The query filters and aggregates Invoice Lines. When running against normal view, it transforms JSON array into rows online, using JSON_TABLE operator. The transformation is not needed for materialized views.
The query is executed multiple times sequentially for different combination of input parameters and the results are averaged across the executions. It uses MEDIUM database service. I measured both the query elapsed time and the DB Time consumed by the query. SQL Cache was disabled.
Data Set | Views - Avg Query Time | Views - Avg DB Time | Mviews - Avg Query Time | Mviews - Avg DB Time | Mviews Factor |
---|---|---|---|---|---|
Large | 0.98 | 771.23 | 0.22 | 153.39 | 4.6 |
Small | 3.95 | 2404.17 | 0.32 | 240.86 | 12.2 |
- Views - Avg Query Time - average elapsed time of the query running against views in seconds.
- Views - Avg DB Time - average DB Time of the query running against views.
- Mviews - Avg Query Time - average elapsed time of the query running against materialized views in seconds.
- Mviews - Avg DB Time - average DB Time of the query running against materialized views.
- Mviews Factor - Performance improvement of materialized views, calculated as “Views - Avg Query Time” / “Mviews - Avg Query Time” (the bigger the better).

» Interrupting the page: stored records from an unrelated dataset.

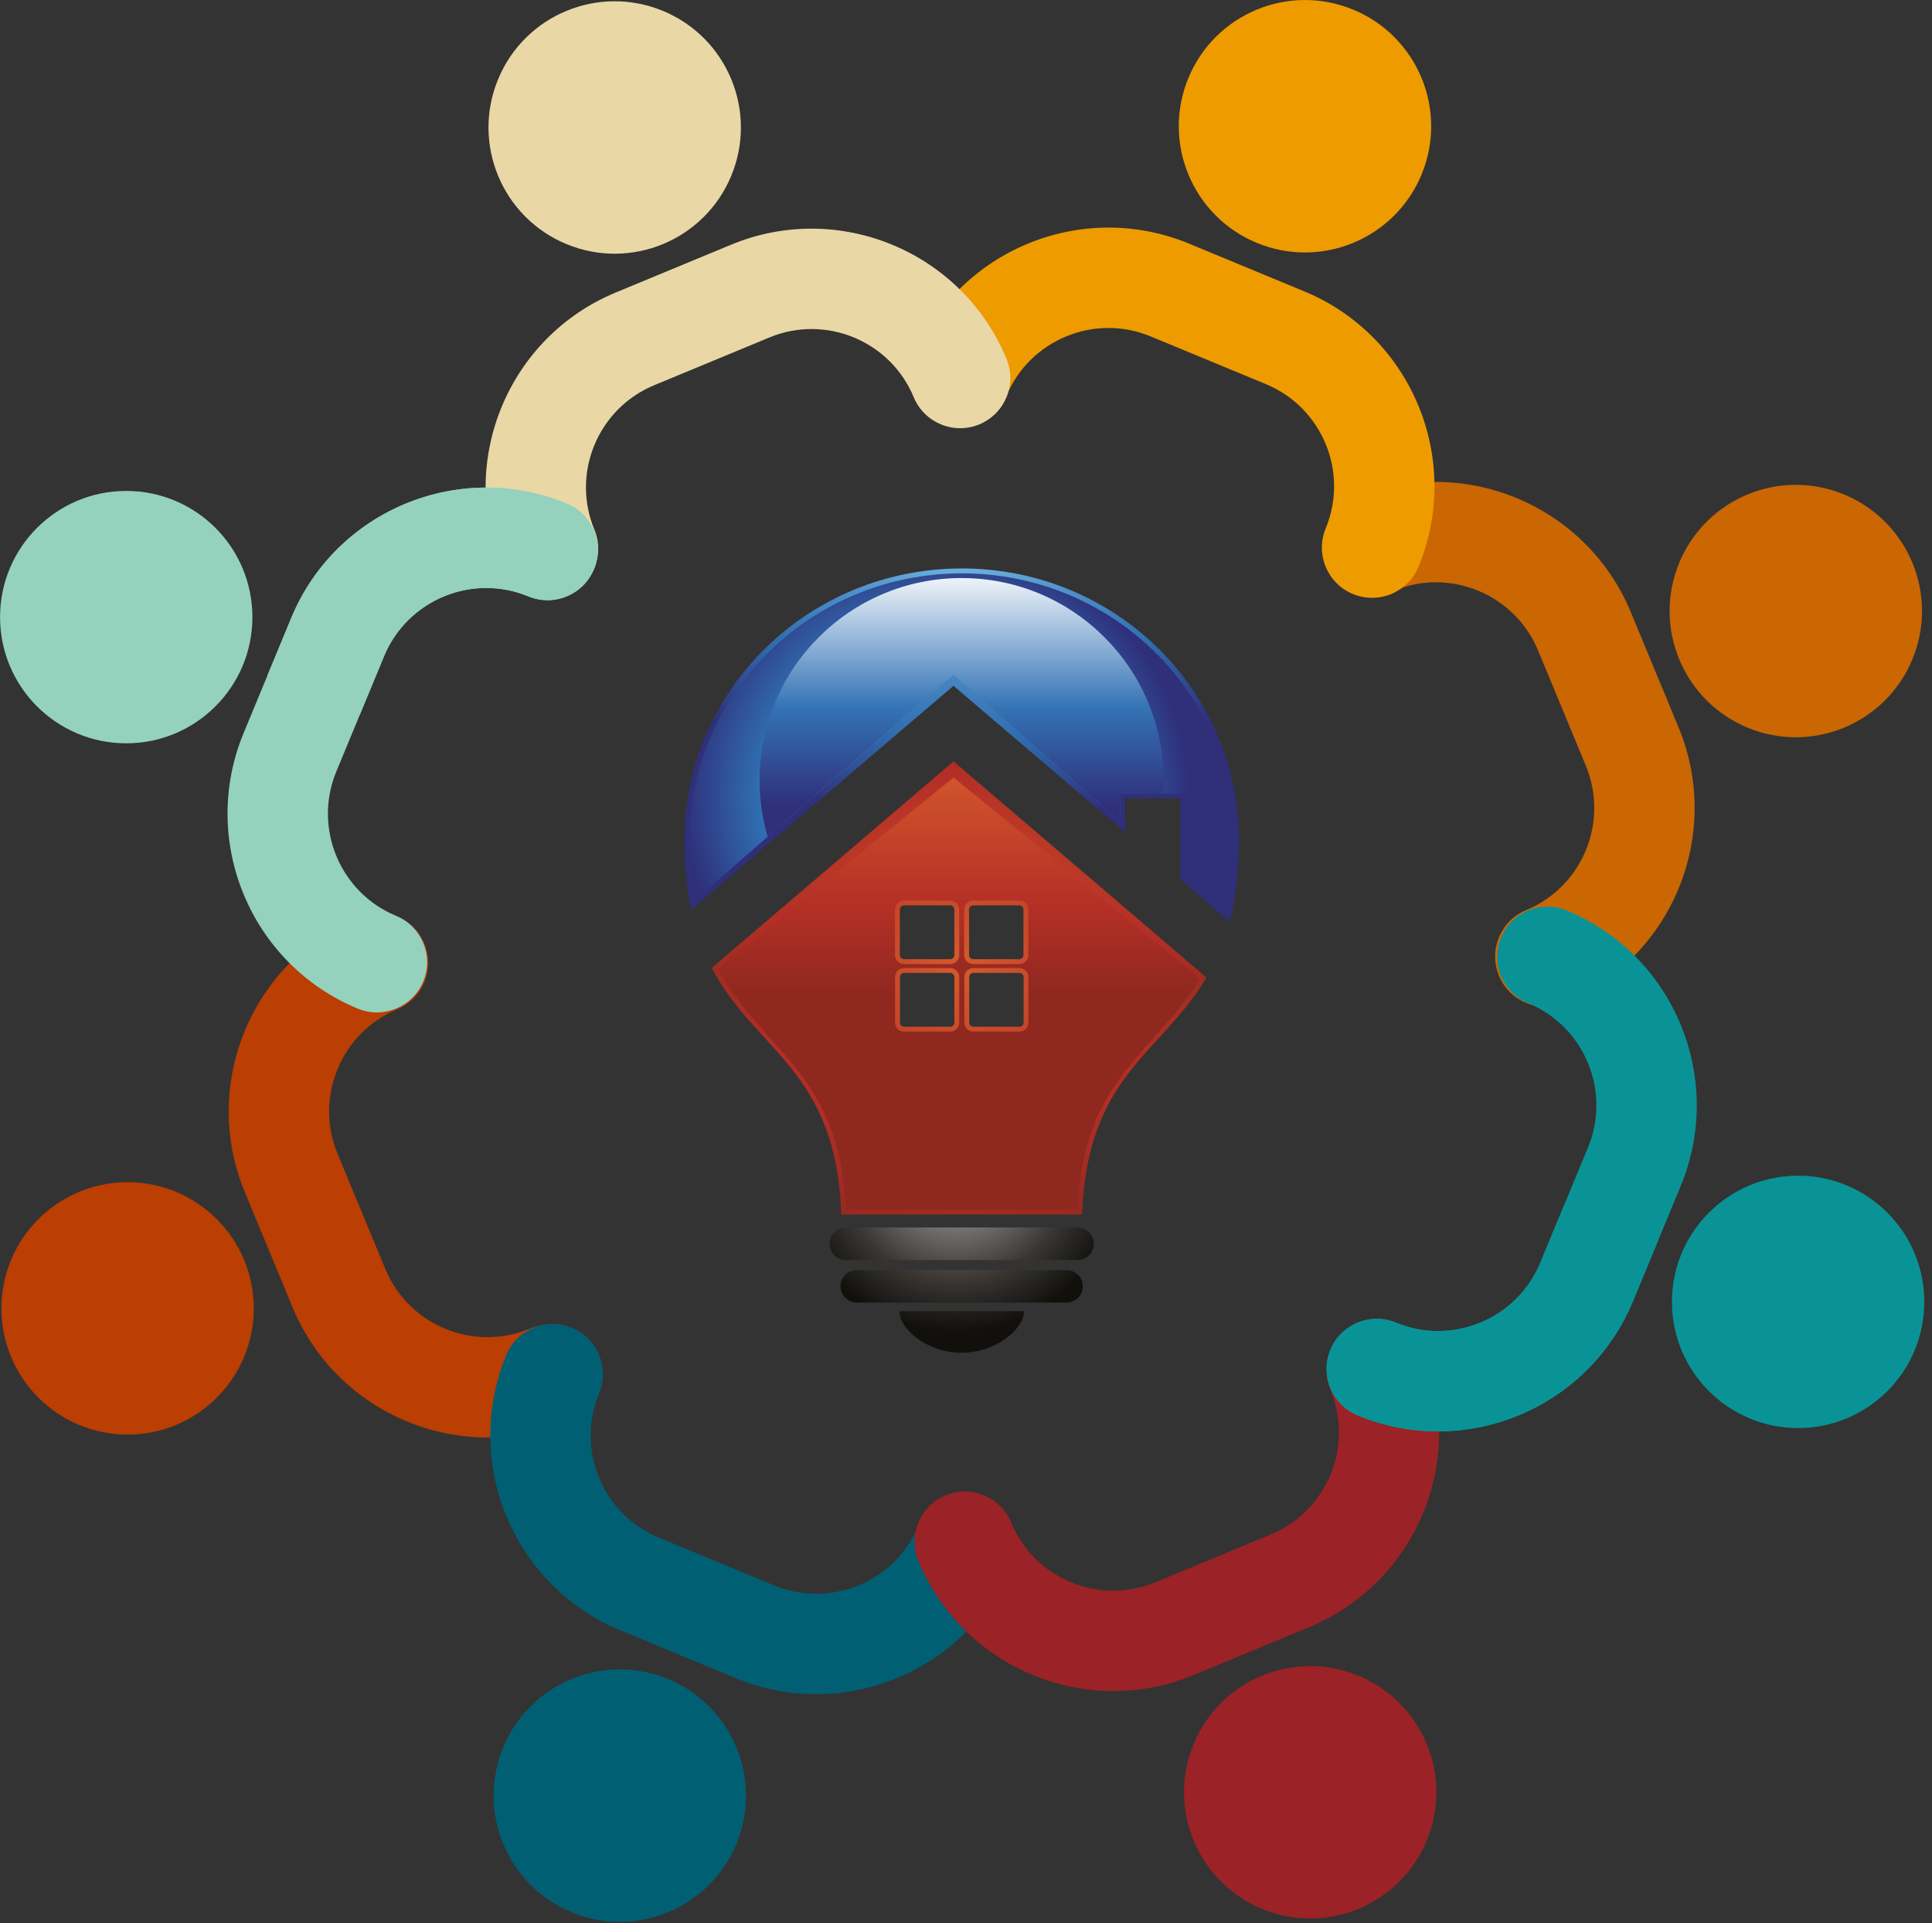 <?xml version="1.0" encoding="UTF-8"?>
<svg xmlns="http://www.w3.org/2000/svg" xmlns:xlink="http://www.w3.org/1999/xlink" viewBox="0 0 732.08 728.68">
  <rect x="0" y="0" width="732.08" height="728.68" fill="#333333" stroke="none"/>
  <defs>
    <style>
      .cls-1 {
        clip-path: url(#clippath);
      }

      .cls-2 {
        fill: url(#radial-gradient-3);
      }

      .cls-2, .cls-3, .cls-4, .cls-5 {
        mix-blend-mode: lighten;
      }

      .cls-6 {
        fill: url(#radial-gradient);
      }

      .cls-6, .cls-3, .cls-4, .cls-7, .cls-8, .cls-9, .cls-10, .cls-5, .cls-11, .cls-12, .cls-13, .cls-14, .cls-15, .cls-16, .cls-17, .cls-18 {
        stroke-width: 0px;
      }

      .cls-3 {
        fill: url(#linear-gradient);
      }

      .cls-4 {
        fill: url(#linear-gradient-2);
      }

      .cls-7 {
        fill: url(#radial-gradient-2);
      }

      .cls-8 {
        fill: url(#radial-gradient-6);
      }

      .cls-9 {
        fill: url(#radial-gradient-5);
      }

      .cls-10 {
        fill: url(#radial-gradient-7);
      }

      .cls-5 {
        fill: url(#radial-gradient-4);
      }

      .cls-19 {
        isolation: isolate;
      }

      .cls-11 {
        fill: #94d2bd;
      }

      .cls-12 {
        fill: #0a9396;
      }

      .cls-13 {
        fill: #ca6702;
      }

      .cls-14 {
        fill: #bb3e03;
      }

      .cls-15 {
        fill: #9b2226;
      }

      .cls-16 {
        fill: #ee9b00;
      }

      .cls-17 {
        fill: #e9d8a6;
      }

      .cls-18 {
        fill: #005f73;
      }
    </style>
    <radialGradient id="radial-gradient" cx="364.29" cy="365.58" fx="364.29" fy="365.58" r="113.23" gradientUnits="userSpaceOnUse">
      <stop offset="0" stop-color="#d45a2c"/>
      <stop offset=".63" stop-color="#b42f26"/>
      <stop offset="1" stop-color="#8f281f"/>
    </radialGradient>
    <radialGradient id="radial-gradient-2" cx="364.41" cy="197.76" fx="364.41" fy="197.76" r="120.58" gradientUnits="userSpaceOnUse">
      <stop offset="0" stop-color="#78c0eb"/>
      <stop offset=".7" stop-color="#306db0"/>
      <stop offset="1" stop-color="#2f2f7a"/>
    </radialGradient>
    <linearGradient id="linear-gradient" x1="363.4" y1="287.59" x2="363.4" y2="376.42" gradientUnits="userSpaceOnUse">
      <stop offset="0" stop-color="#d45a2c"/>
      <stop offset=".63" stop-color="#b42f26"/>
      <stop offset="1" stop-color="#8f281f"/>
    </linearGradient>
    <radialGradient id="radial-gradient-3" cx="354.45" cy="301.65" fx="354.45" fy="301.65" r="96.12" xlink:href="#radial-gradient-2"/>
    <radialGradient id="radial-gradient-4" cx="354.45" cy="301.65" fx="354.45" fy="301.65" r="96.12" xlink:href="#radial-gradient-2"/>
    <clipPath id="clippath">
      <path class="cls-5" d="m449.14,332.39v-31.73h-24.61v10.72l-63.22-55.81-98.23,85.69c-1.26-6.89-1.89-14.61-1.89-22.99,0-55.71,46.32-101.04,103.26-101.04s103.21,45.33,103.21,101.04c0,10.19-.92,19.23-2.8,27.55l-15.71-13.42Z"/>
    </clipPath>
    <linearGradient id="linear-gradient-2" x1="364.38" y1="214.36" x2="364.38" y2="305.41" gradientUnits="userSpaceOnUse">
      <stop offset="0" stop-color="#fff"/>
      <stop offset=".59" stop-color="#3473b5"/>
      <stop offset="1" stop-color="#2f2f7a"/>
    </linearGradient>
    <radialGradient id="radial-gradient-5" cx="362.24" cy="441.26" fx="362.24" fy="441.26" r="63.29" gradientUnits="userSpaceOnUse">
      <stop offset="0" stop-color="#bbb9b8"/>
      <stop offset=".69" stop-color="#3a3735"/>
      <stop offset="1" stop-color="#11100d"/>
    </radialGradient>
    <radialGradient id="radial-gradient-6" cx="362.24" cy="441.26" fx="362.24" fy="441.26" r="63.29" xlink:href="#radial-gradient-5"/>
    <radialGradient id="radial-gradient-7" cx="362.24" cy="441.26" fx="362.24" fy="441.26" r="63.29" xlink:href="#radial-gradient-5"/>
  </defs>
  <g class="cls-19">
    <g id="Layer_1" data-name="Layer 1">
      <g>
        <path class="cls-6" d="m410.06,460.13c1.75-52.86,30.22-61,47.11-89.79l-95.86-81.87-91.62,78.24c16.52,31.68,47.27,38.4,49.07,93.42h91.3Zm-22.25-98.25c0,.84-.69,1.53-1.54,1.53h-17.48c-.85,0-1.59-.69-1.59-1.53v-17.29c0-.84.74-1.58,1.59-1.58h17.48c.85,0,1.54.74,1.54,1.58v17.29Zm-26.18,0c0,.84-.74,1.53-1.59,1.53h-17.47c-.85,0-1.59-.69-1.59-1.53v-17.29c0-.84.75-1.58,1.59-1.58h17.47c.85,0,1.59.74,1.59,1.58v17.29Zm0,25.54c0,.89-.74,1.57-1.59,1.57h-17.42c-.9,0-1.59-.68-1.59-1.57v-17.24c0-.89.69-1.58,1.59-1.58h17.42c.85,0,1.59.68,1.59,1.58v17.24Zm26.24,0c0,.89-.74,1.57-1.59,1.57h-17.48c-.85,0-1.53-.68-1.53-1.57v-17.24c0-.89.69-1.58,1.53-1.58h17.48c.85,0,1.59.68,1.59,1.58v17.24Z"/>
        <path class="cls-7" d="m465.93,349.16c2.23-8.62,3.56-18.7,3.56-30.9,0-56.8-46.95-102.89-105.05-102.89s-105.11,46.08-105.11,102.89c0,10.14.9,18.86,2.55,26.43l99.42-84.86,65.06,55.54v-12.87h20.92v30.74l18.64,15.92Z"/>
        <path class="cls-3" d="m320.54,458.29c-1.63-36.2-16.02-50.65-29.94-66.4-6.55-7.41-13.31-15.06-18.58-24.74l89.29-72.57,93.48,76.14c-4.9,8.01-10.8,14.68-16.53,21.16-13.93,15.76-28.33,30.19-29.97,66.41h-87.75Zm48.25-91.53c-1.86,0-3.38,1.53-3.38,3.42v17.24c0,1.89,1.52,3.42,3.38,3.42h17.48c1.89,0,3.44-1.53,3.44-3.42v-17.24c0-1.88-1.54-3.42-3.44-3.42h-17.48Zm-26.18,0c-1.92,0-3.44,1.5-3.44,3.42v17.24c0,1.92,1.51,3.42,3.44,3.42h17.42c1.89,0,3.44-1.53,3.44-3.42v-17.24c0-1.88-1.54-3.42-3.44-3.42h-17.42Zm26.18-25.59c-1.86,0-3.44,1.57-3.44,3.42v17.29c0,1.86,1.54,3.37,3.44,3.37h17.48c1.86,0,3.38-1.51,3.38-3.37v-17.29c0-1.89-1.52-3.42-3.38-3.42h-17.48Zm-26.23,0c-1.86,0-3.44,1.57-3.44,3.42v17.29c0,1.86,1.54,3.37,3.44,3.37h17.47c1.89,0,3.44-1.51,3.44-3.37v-17.29c0-1.85-1.58-3.42-3.44-3.42h-17.47Z"/>
        <g>
          <path class="cls-2" d="m449.14,332.39v-31.73h-24.61v10.72l-63.22-55.81-98.23,85.69c-1.26-6.89-1.89-14.61-1.89-22.99,0-55.71,46.32-101.04,103.26-101.04s103.21,45.33,103.21,101.04c0,10.19-.92,19.23-2.8,27.55l-15.71-13.42Z"/>
          <g class="cls-1">
            <path class="cls-4" d="m440.92,295.55c0,42.27-34.27,76.54-76.54,76.54s-76.54-34.27-76.54-76.54,34.27-76.54,76.54-76.54,76.54,34.27,76.54,76.54Z"/>
          </g>
        </g>
        <path class="cls-9" d="m408.25,477.4h-87.63c-3.45,0-6.27-2.73-6.27-6.15s2.82-6.2,6.27-6.2h87.63c3.4,0,6.22,2.79,6.22,6.2s-2.81,6.15-6.22,6.15h0Z"/>
        <path class="cls-8" d="m404.11,493.5h-79.4c-3.4,0-6.22-2.73-6.22-6.15s2.81-6.15,6.22-6.15h79.4c3.4,0,6.21,2.73,6.21,6.15s-2.81,6.15-6.21,6.15h0Z"/>
        <path class="cls-10" d="m388.02,496.75c0,6.78-10.62,15.76-23.69,15.76s-23.53-8.98-23.53-15.76h47.22Z"/>
      </g>
      <g>
        <g>
          <path class="cls-13" d="m503.27,213.51c4.02,9.7,15.15,14.31,24.85,10.29,21.32-8.84,45.85,1.32,54.69,22.64l18.11,43.69c8.84,21.32-1.32,45.85-22.64,54.69-9.7,4.02-14.31,15.15-10.29,24.85,4.02,9.7,15.15,14.31,24.85,10.29,40.69-16.87,60.08-63.69,43.21-104.38l-18.11-43.69c-16.86-40.69-63.69-60.08-104.38-43.21-9.7,4.02-14.31,15.15-10.29,24.85Z"/>
          <circle class="cls-13" cx="680.46" cy="231.49" r="47.81" transform="translate(206.3 771.67) rotate(-67.51)"/>
        </g>
        <g>
          <path class="cls-14" d="m225.54,513.7c-4.02-9.7-15.15-14.31-24.85-10.29-21.32,8.84-45.85-1.32-54.69-22.64l-18.11-43.69c-8.84-21.32,1.32-45.85,22.64-54.69,9.7-4.02,14.31-15.15,10.29-24.85-4.02-9.7-15.15-14.31-24.85-10.29-40.69,16.87-60.08,63.69-43.21,104.38l18.11,43.69c16.87,40.69,63.69,60.08,104.38,43.21,9.7-4.02,14.31-15.15,10.29-24.85Z"/>
          <circle class="cls-14" cx="48.35" cy="495.71" r="47.81"/>
        </g>
        <g>
          <path class="cls-16" d="m356.46,160.4c9.7,4.02,20.83-.59,24.84-10.3,8.83-21.32,33.36-31.49,54.68-22.66l43.7,18.09c21.32,8.83,31.49,33.35,22.66,54.68-4.02,9.7.59,20.83,10.3,24.84s20.83-.59,24.84-10.3c16.85-40.7-2.55-87.52-43.25-104.36l-43.7-18.09c-40.7-16.85-87.52,2.55-104.37,43.25-4.02,9.7.59,20.83,10.3,24.84Z"/>
          <circle class="cls-16" cx="494.47" cy="47.83" r="47.81" transform="translate(261.15 486.4) rotate(-67.51)"/>
        </g>
        <g>
          <path class="cls-18" d="m372.88,567.7c-9.7-4.02-20.83.59-24.84,10.3-8.83,21.32-33.36,31.49-54.68,22.66l-43.7-18.09c-21.32-8.83-31.49-33.35-22.66-54.68,4.02-9.7-.59-20.83-10.3-24.84-9.7-4.02-20.83.59-24.84,10.3-16.85,40.7,2.55,87.51,43.25,104.36l43.7,18.09c40.7,16.85,87.52-2.55,104.37-43.25,4.02-9.7-.59-20.83-10.3-24.84Z"/>
          <circle class="cls-18" cx="234.87" cy="680.27" r="47.81" transform="translate(-483.51 637.08) rotate(-67.51)"/>
        </g>
        <g>
          <path class="cls-17" d="m214.93,225.5c9.7-4.02,14.31-15.15,10.29-24.85-8.84-21.32,1.32-45.85,22.64-54.69l43.69-18.11c21.32-8.84,45.85,1.32,54.69,22.64,4.02,9.7,15.15,14.31,24.85,10.29,9.7-4.02,14.31-15.15,10.29-24.85-16.87-40.69-63.69-60.08-104.38-43.21l-43.69,18.11c-40.69,16.86-60.08,63.69-43.21,104.38,4.02,9.7,15.15,14.31,24.85,10.29Z"/>
          <circle class="cls-17" cx="232.92" cy="48.31" r="47.81" transform="translate(99.19 245.03) rotate(-67.51)"/>
        </g>
        <g>
          <path class="cls-15" d="m514.45,501.82c-9.7,4.02-14.31,15.15-10.29,24.85,8.84,21.32-1.32,45.85-22.64,54.69l-43.69,18.11c-21.32,8.84-45.85-1.32-54.69-22.64-4.02-9.7-15.15-14.31-24.85-10.29-9.7,4.02-14.31,15.15-10.29,24.85,16.87,40.69,63.69,60.08,104.38,43.21l43.69-18.11c40.69-16.87,60.08-63.69,43.21-104.38-4.02-9.7-15.15-14.31-24.85-10.29Z"/>
          <circle class="cls-15" cx="496.46" cy="679.01" r="47.81" transform="translate(-320.81 878.01) rotate(-67.51)"/>
        </g>
        <g>
          <g>
            <path class="cls-12" d="m568.77,355.23c-4.02,9.7.59,20.83,10.3,24.84,21.32,8.83,31.49,33.36,22.66,54.68l-18.09,43.7c-8.83,21.32-33.35,31.49-54.68,22.66-9.7-4.02-20.83.59-24.84,10.3-4.02,9.7.59,20.83,10.3,24.84,40.7,16.85,87.51-2.55,104.36-43.25l18.09-43.7c16.85-40.7-2.55-87.52-43.25-104.37-9.7-4.02-20.83.59-24.84,10.3Z"/>
            <circle class="cls-12" cx="681.35" cy="493.24" r="47.81"/>
          </g>
          <path class="cls-12" d="m627.82,471.14l-9.05,21.85c-16.85,40.7-63.66,60.1-104.36,43.25-9.7-4.02-14.31-15.14-10.3-24.84,4.02-9.7,15.14-14.31,24.84-10.3,21.32,8.83,45.85-1.34,54.68-22.66l9.05-21.85,35.14,14.55Z"/>
        </g>
        <g>
          <g>
            <path class="cls-11" d="m160.4,371.83c4.02-9.7-.59-20.83-10.3-24.84-21.32-8.83-31.49-33.36-22.66-54.68l18.09-43.7c8.83-21.32,33.35-31.49,54.68-22.66,9.7,4.02,20.83-.59,24.84-10.3s-.59-20.83-10.3-24.84c-40.7-16.85-87.51,2.55-104.36,43.25l-18.09,43.7c-16.85,40.7,2.55,87.52,43.25,104.37,9.7,4.02,20.83-.59,24.84-10.3Z"/>
            <circle class="cls-11" cx="47.83" cy="233.81" r="47.81"/>
          </g>
          <path class="cls-11" d="m225.05,215.65c-4.02,9.7-15.14,14.31-24.84,10.3-21.32-8.83-45.85,1.34-54.68,22.66l-9.07,21.9-35.14-14.55,9.07-21.9c16.85-40.7,63.66-60.1,104.36-43.25,9.7,4.02,14.31,15.14,10.3,24.84Z"/>
        </g>
      </g>
    </g>
  </g>
</svg>

The query runs significantly faster against materialized views compared to normal views. The performance improvement very much depends on the shape of JSON documents - with large data set the query performs on average 5x faster, with small data set it performs 12x faster. The ratio is the same for both elapsed time and DB Time.
I did not test the performance with multiple concurrent sessions and different types of queries. However, I assume the advantage of materialized views will be even more visible - allowing much more concurrent users with better response to end user queries.
If your data and queries exhibit similar performance gains, I recommend considering materialized views instead of querying JSON documents via views or directly. Although the maintenance of materialized views significantly impacts the data load, it is outweighted by the much better latency and concurrency of user queries.
Considerations
There are many ways how to work with JSON data. You may consider the following ideas and changes in the solution design, as they might be appropriate for your needs.
- Use standard tables with JSON column(s), instead of JSON Collection Table.
- Use different partitioning model for the JSON Collection Table and materialized views.
- Load JSON Collection Table with INSERT SELECT FROM EXTERNAL method via ORACLE_BIGDATA access driver.
- Use materialized views refreshed as COMPLETE or FAST ON DEMAND, possibly using Partition Change Tracking.
- Use JSON-Relational Duality View instead of JSON Collection Table. You will not need materialized views with this approach.
- Transform and flatten JSON documents outside the database, for example using OCI Data Integration.
Resources
- Oracle Database 23ai JSON capabilities: JSON Developer’s Guide.
- Overview of Oracle Scheduler: Oracle Scheduler Concepts.
- Program to generate test JSON documents: file-generator.
- PLSQL package for loading JSON documents to database: file-loader.